[Opening Dataset content section]

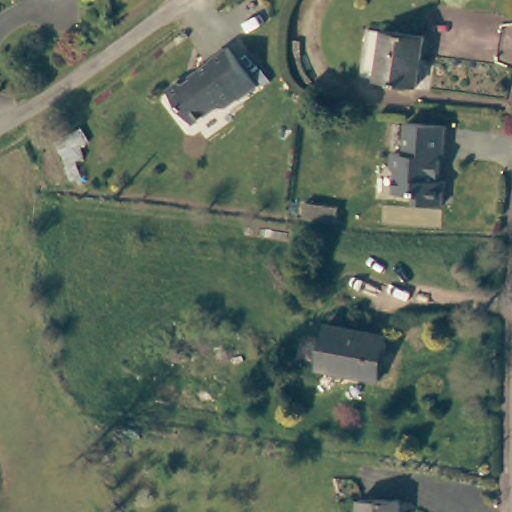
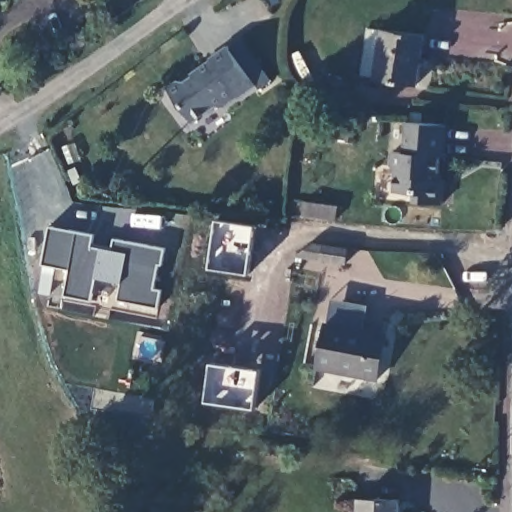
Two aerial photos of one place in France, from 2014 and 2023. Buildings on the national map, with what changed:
unchanged [(362,76),(369,26),(427,35),(420,85),(362,76)]
unchanged [(221,48),(223,51),(235,42),(264,84),(251,92),(235,105),(233,101),(215,115),(205,111),(185,126),(160,91),(170,85),(177,87),(207,66),(204,62),(221,48)]
unchanged [(396,156),(402,151),(403,125),(449,127),(447,159),(444,159),(443,182),(449,182),(447,206),(420,205),(420,196),(400,195),(400,175),(396,170),(396,156)]
unchanged [(341,205),(340,223),(320,220),(303,218),(305,201),(341,205)]
new [(160,267),(157,266),(152,289),(161,291),(157,309),(117,301),(121,283),(95,278),(90,302),(65,296),(70,271),(42,265),(50,227),(95,236),(93,247),(111,250),(115,240),(165,250),(160,267)]
unchanged [(323,323),(383,335),(375,379),(316,367),(323,323)]
unchanged [(355,498),(396,500),(396,512),(355,512),(355,498)]

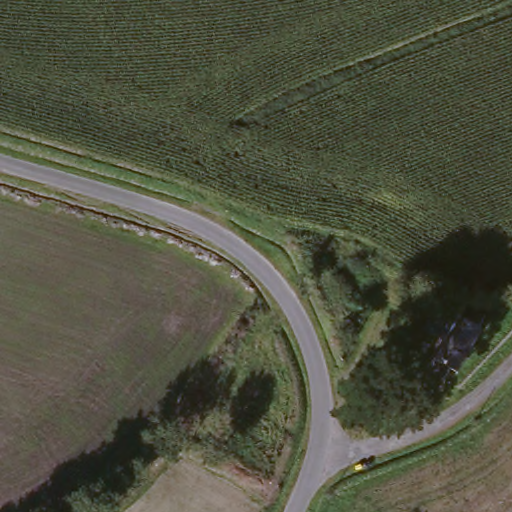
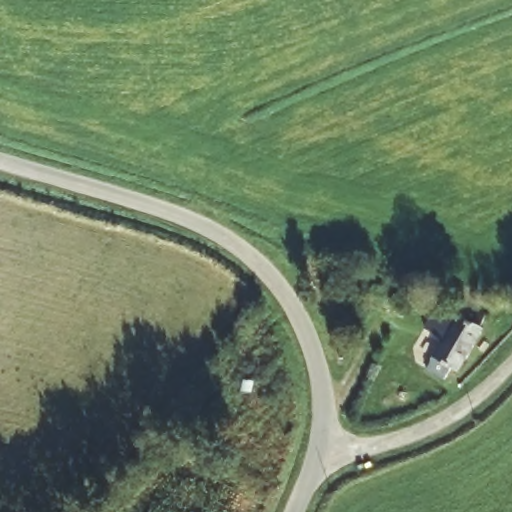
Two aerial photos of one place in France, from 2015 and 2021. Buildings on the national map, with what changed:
unchanged [(456,315),(476,326),(444,380),(424,368),(456,315)]

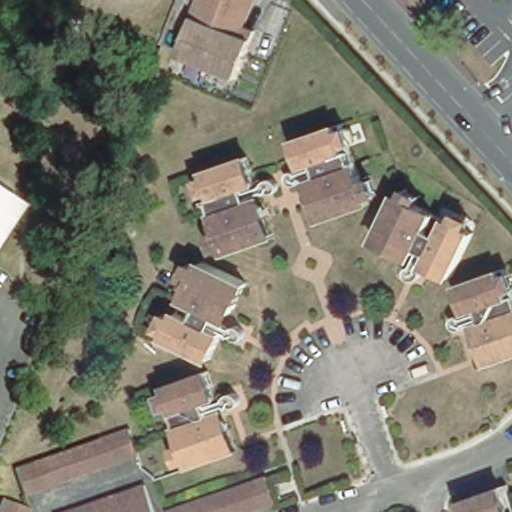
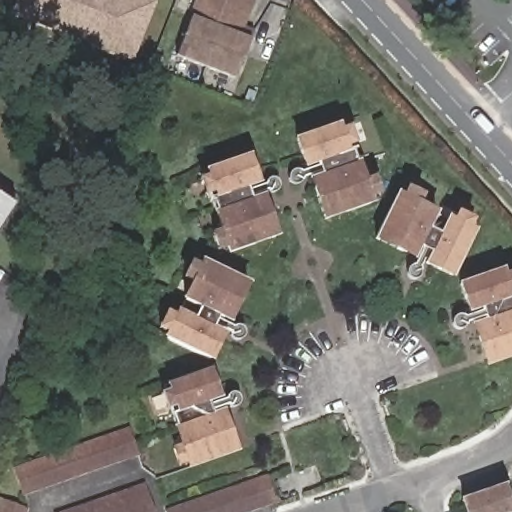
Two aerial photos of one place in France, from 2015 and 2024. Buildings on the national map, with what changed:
new [(10,14),(16,0),(152,0),(157,2),(134,62),(10,14)]
unchanged [(233,79),(201,67),(177,57),(193,14),(198,0),(249,0),(240,24),(245,25),(254,28),(233,79)]
unchanged [(378,200),(367,204),(369,209),(321,224),(307,183),(319,179),(315,169),(304,173),(293,144),(337,129),(338,133),(347,129),(353,149),(345,151),(347,157),(350,156),(360,186),(372,182),(378,200)]
unchanged [(216,232),(225,229),(215,200),(220,198),(218,193),(210,196),(203,177),(211,174),(210,169),(252,154),(263,184),(251,189),(255,198),(266,194),(281,236),(234,253),(232,246),(221,250),(216,232)]
unchanged [(450,282),(422,269),(428,256),(418,251),(411,264),(373,245),(396,199),(400,200),(405,192),(421,200),(417,209),(450,225),(455,216),(472,225),(468,234),(473,237),(450,282)]
unchanged [(0,232),(0,202),(14,211),(0,232)]
unchanged [(165,315),(174,319),(189,288),(180,283),(188,264),(198,269),(200,265),(247,288),(229,327),(216,321),(210,333),(224,339),(210,367),(162,343),(165,338),(156,334),(165,315)]
unchanged [(485,369),(471,329),(483,324),(480,314),(467,318),(457,289),(502,273),(505,278),(512,275),(512,294),(510,294),(512,299),(512,360),(485,369)]
unchanged [(171,454),(184,449),(172,413),(165,415),(159,398),(166,396),(164,389),(209,374),(220,404),(207,408),(211,418),(222,414),(237,456),(191,471),(190,467),(177,471),(171,454)]
unchanged [(24,494),(15,468),(127,429),(136,457),(24,494)]
unchanged [(256,483),(265,481),(275,508),(266,512),(265,512),(173,512),(256,483)]
unchanged [(461,505),(505,489),(508,488),(512,498),(512,512),(463,512),(461,505)]
unchanged [(145,494),(150,512),(92,512),(145,494)]
unchanged [(0,509),(6,512),(0,512),(0,509)]

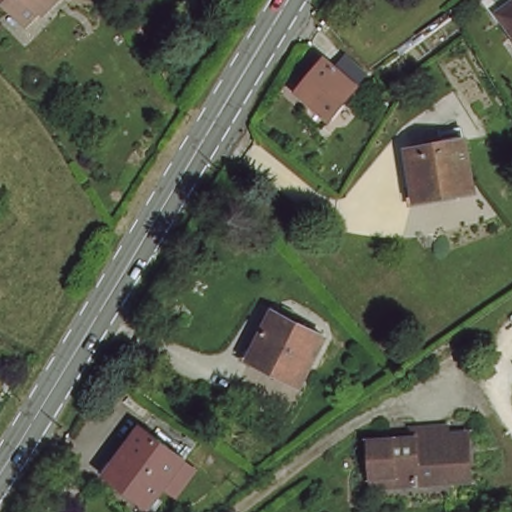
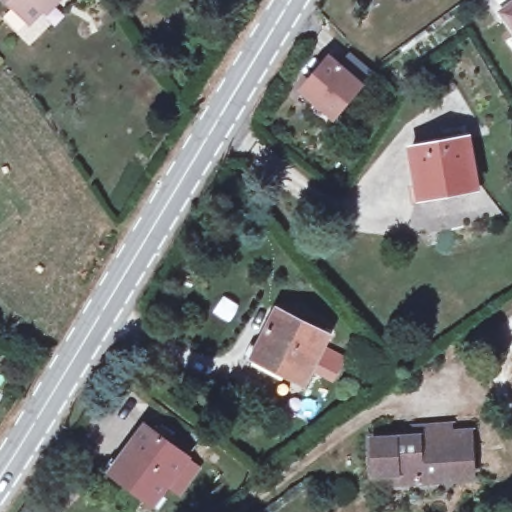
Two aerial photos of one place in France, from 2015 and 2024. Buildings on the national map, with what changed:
unchanged [(35,0),(20,13),(7,0),(35,0)]
unchanged [(504,26),(491,7),(501,0),(512,0),(512,28),(509,24),(504,26)]
unchanged [(298,86),(330,55),(356,81),(325,115),(298,86)]
unchanged [(474,184),(416,195),(409,148),(468,138),(474,184)]
unchanged [(288,313),(329,334),(306,380),(255,351),(279,308),(288,313)]
unchanged [(105,469),(142,422),(186,457),(148,507),(105,469)]
unchanged [(421,479),(397,481),(398,474),(377,476),(375,438),(419,434),(419,425),(450,423),(451,432),(469,429),(472,477),(453,477),(452,472),(421,474),(421,479)]

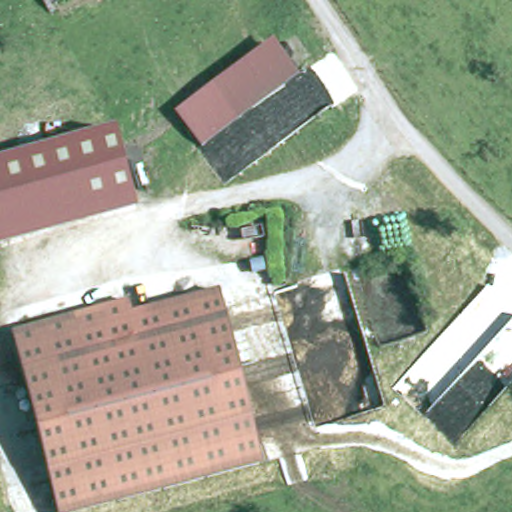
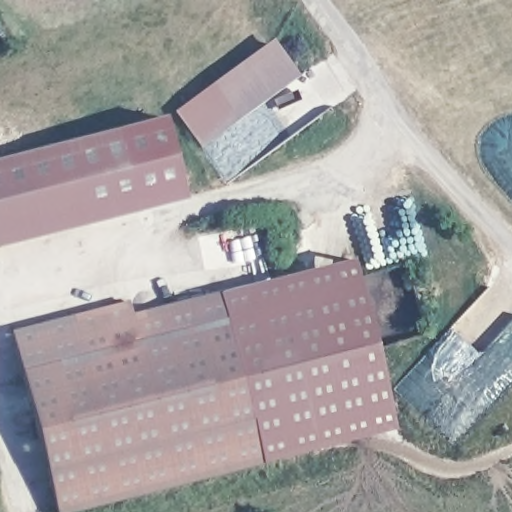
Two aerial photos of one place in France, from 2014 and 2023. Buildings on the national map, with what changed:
unchanged [(300,75),(202,146),(175,110),(272,38),(300,75)]
new [(166,117),(187,197),(142,209),(137,186),(122,129),(166,117)]
unchanged [(122,129),(137,186),(0,219),(0,158),(19,153),(122,129)]
unchanged [(142,209),(0,243),(0,219),(137,186),(142,209)]
new [(226,299),(346,266),(390,428),(267,464),(226,299)]
unchanged [(135,321),(226,299),(267,464),(67,512),(61,512),(18,336),(132,309),(135,321)]

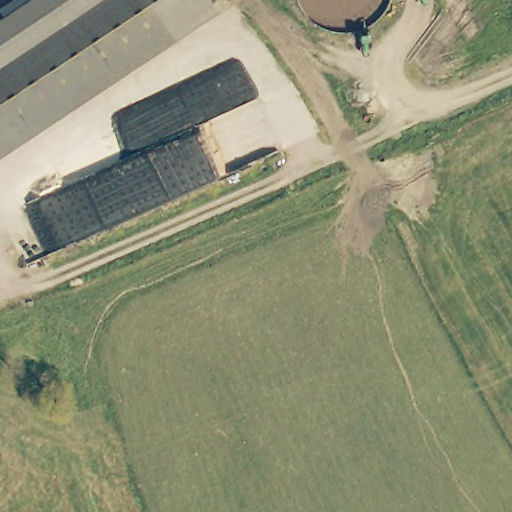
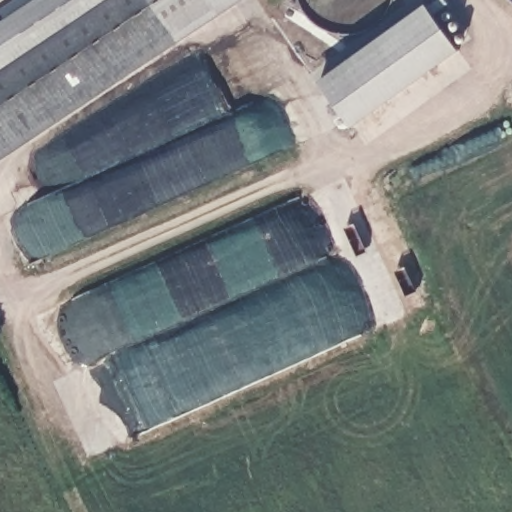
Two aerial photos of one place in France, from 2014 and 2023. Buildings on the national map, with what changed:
new [(0,34),(0,21),(5,17),(0,11),(16,0),(49,0),(0,34)]
unchanged [(49,0),(146,0),(169,33),(170,35),(0,160),(0,34),(49,0)]
unchanged [(214,3),(169,33),(146,0),(212,0),(214,3)]
new [(221,13),(214,3),(212,0),(241,0),(221,13)]
new [(351,126),(317,81),(425,2),(460,49),(351,126)]

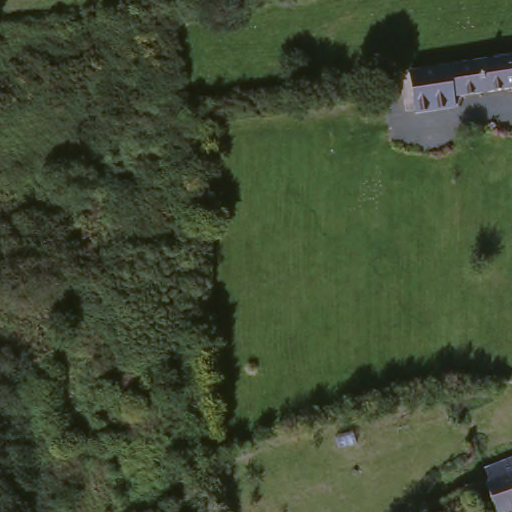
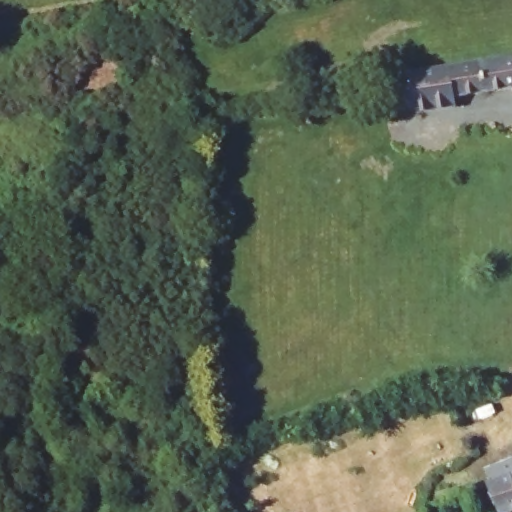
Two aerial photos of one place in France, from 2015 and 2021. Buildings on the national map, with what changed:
unchanged [(459,91),(461,101),(421,108),(414,68),(454,60),(512,51),(512,83),(459,91)]
unchanged [(512,512),(503,512),(491,483),(495,481),(490,469),(512,460),(512,512)]
unchanged [(433,504),(421,508),(416,496),(428,492),(427,489),(466,475),(471,489),(433,504)]

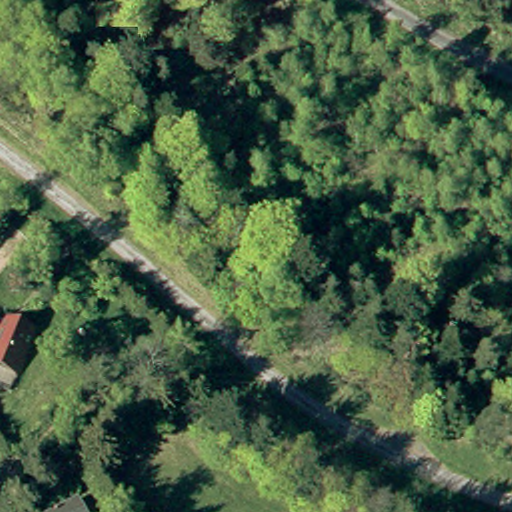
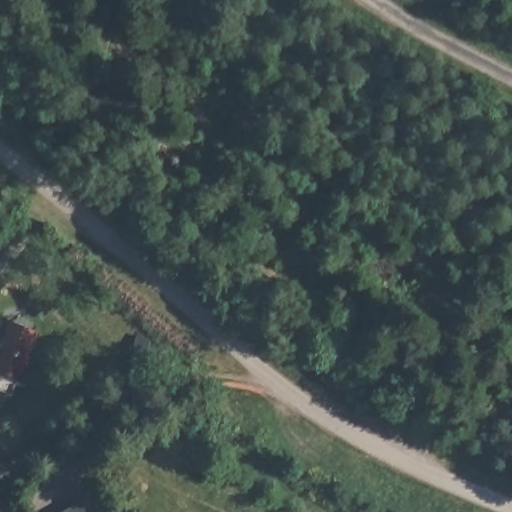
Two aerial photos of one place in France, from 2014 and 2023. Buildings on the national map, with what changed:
unchanged [(0,362),(0,335),(8,315),(36,326),(21,370),(0,362)]
unchanged [(500,451),(505,441),(512,445),(512,458),(500,451)]
unchanged [(68,512),(70,510),(71,512),(68,512)]

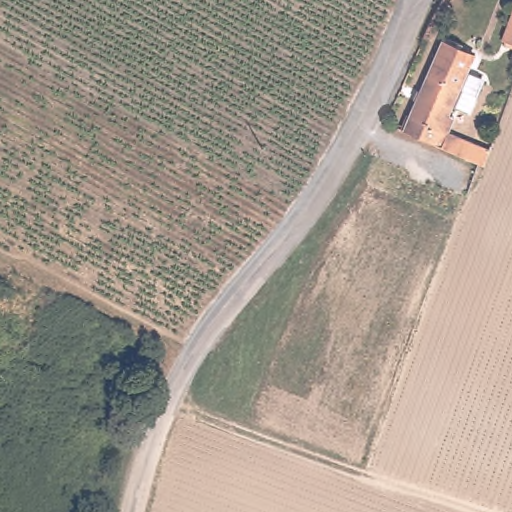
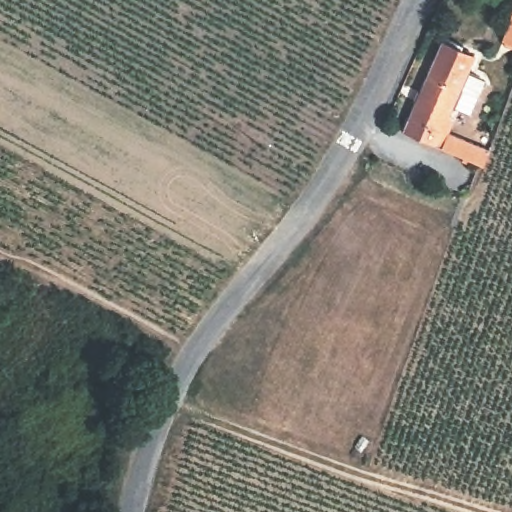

[Closing Dataset content section]

◆ Task statement ◆
Please output every record above exactly as written, leaving out the pictures.

◆ Task response ◆
Two aerial photos of one place in France, from 2014 and 2023. Buildings on the national map, with what changed:
unchanged [(362,76),(369,26),(427,35),(420,85),(362,76)]
unchanged [(221,48),(223,51),(235,42),(264,84),(251,92),(235,105),(233,101),(215,115),(205,111),(185,126),(160,91),(170,85),(177,87),(207,66),(204,62),(221,48)]
unchanged [(396,156),(402,151),(403,125),(449,127),(447,159),(444,159),(443,182),(449,182),(447,206),(420,205),(420,196),(400,195),(400,175),(396,170),(396,156)]
unchanged [(341,205),(340,223),(320,220),(303,218),(305,201),(341,205)]
new [(160,267),(157,266),(152,289),(161,291),(157,309),(117,301),(121,283),(95,278),(90,302),(65,296),(70,271),(42,265),(50,227),(95,236),(93,247),(111,250),(115,240),(165,250),(160,267)]
unchanged [(323,323),(383,335),(375,379),(316,367),(323,323)]
unchanged [(355,498),(396,500),(396,512),(355,512),(355,498)]

Two aerial photos of one place in France, from 2015 and 2021. Buildings on the national map, with what changed:
unchanged [(456,315),(476,326),(444,380),(424,368),(456,315)]

Two aerial photos of one place in France, from 2015 and 2024. Buildings on the national map, with what changed:
new [(10,14),(16,0),(152,0),(157,2),(134,62),(10,14)]
unchanged [(233,79),(201,67),(177,57),(193,14),(198,0),(249,0),(240,24),(245,25),(254,28),(233,79)]
unchanged [(378,200),(367,204),(369,209),(321,224),(307,183),(319,179),(315,169),(304,173),(293,144),(337,129),(338,133),(347,129),(353,149),(345,151),(347,157),(350,156),(360,186),(372,182),(378,200)]
unchanged [(216,232),(225,229),(215,200),(220,198),(218,193),(210,196),(203,177),(211,174),(210,169),(252,154),(263,184),(251,189),(255,198),(266,194),(281,236),(234,253),(232,246),(221,250),(216,232)]
unchanged [(450,282),(422,269),(428,256),(418,251),(411,264),(373,245),(396,199),(400,200),(405,192),(421,200),(417,209),(450,225),(455,216),(472,225),(468,234),(473,237),(450,282)]
unchanged [(0,232),(0,202),(14,211),(0,232)]
unchanged [(165,315),(174,319),(189,288),(180,283),(188,264),(198,269),(200,265),(247,288),(229,327),(216,321),(210,333),(224,339),(210,367),(162,343),(165,338),(156,334),(165,315)]
unchanged [(485,369),(471,329),(483,324),(480,314),(467,318),(457,289),(502,273),(505,278),(512,275),(512,294),(510,294),(512,299),(512,360),(485,369)]
unchanged [(171,454),(184,449),(172,413),(165,415),(159,398),(166,396),(164,389),(209,374),(220,404),(207,408),(211,418),(222,414),(237,456),(191,471),(190,467),(177,471),(171,454)]
unchanged [(24,494),(15,468),(127,429),(136,457),(24,494)]
unchanged [(256,483),(265,481),(275,508),(266,512),(265,512),(173,512),(256,483)]
unchanged [(461,505),(505,489),(508,488),(512,498),(512,512),(463,512),(461,505)]
unchanged [(145,494),(150,512),(92,512),(145,494)]
unchanged [(0,509),(6,512),(0,512),(0,509)]

Two aerial photos of one place in France, from 2015 and 2024. Buildings on the national map, with what changed:
unchanged [(35,0),(20,13),(7,0),(35,0)]
unchanged [(504,26),(491,7),(501,0),(512,0),(512,28),(509,24),(504,26)]
unchanged [(298,86),(330,55),(356,81),(325,115),(298,86)]
unchanged [(474,184),(416,195),(409,148),(468,138),(474,184)]
unchanged [(288,313),(329,334),(306,380),(255,351),(279,308),(288,313)]
unchanged [(105,469),(142,422),(186,457),(148,507),(105,469)]
unchanged [(421,479),(397,481),(398,474),(377,476),(375,438),(419,434),(419,425),(450,423),(451,432),(469,429),(472,477),(453,477),(452,472),(421,474),(421,479)]

Two aerial photos of one place in France, from 2014 and 2023. Buildings on the national map, with what changed:
unchanged [(300,75),(202,146),(175,110),(272,38),(300,75)]
new [(166,117),(187,197),(142,209),(137,186),(122,129),(166,117)]
unchanged [(122,129),(137,186),(0,219),(0,158),(19,153),(122,129)]
unchanged [(142,209),(0,243),(0,219),(137,186),(142,209)]
new [(226,299),(346,266),(390,428),(267,464),(226,299)]
unchanged [(135,321),(226,299),(267,464),(67,512),(61,512),(18,336),(132,309),(135,321)]

Two aerial photos of one place in France, from 2014 and 2023. Buildings on the national map, with what changed:
new [(0,34),(0,21),(5,17),(0,11),(16,0),(49,0),(0,34)]
unchanged [(49,0),(146,0),(169,33),(170,35),(0,160),(0,34),(49,0)]
unchanged [(214,3),(169,33),(146,0),(212,0),(214,3)]
new [(221,13),(214,3),(212,0),(241,0),(221,13)]
new [(351,126),(317,81),(425,2),(460,49),(351,126)]

Two aerial photos of one place in France, from 2015 and 2021. Buildings on the national map, with what changed:
unchanged [(459,91),(461,101),(421,108),(414,68),(454,60),(512,51),(512,83),(459,91)]
unchanged [(512,512),(503,512),(491,483),(495,481),(490,469),(512,460),(512,512)]
unchanged [(433,504),(421,508),(416,496),(428,492),(427,489),(466,475),(471,489),(433,504)]

Two aerial photos of one place in France, from 2014 and 2023. Buildings on the national map, with what changed:
unchanged [(0,362),(0,335),(8,315),(36,326),(21,370),(0,362)]
unchanged [(500,451),(505,441),(512,445),(512,458),(500,451)]
unchanged [(68,512),(70,510),(71,512),(68,512)]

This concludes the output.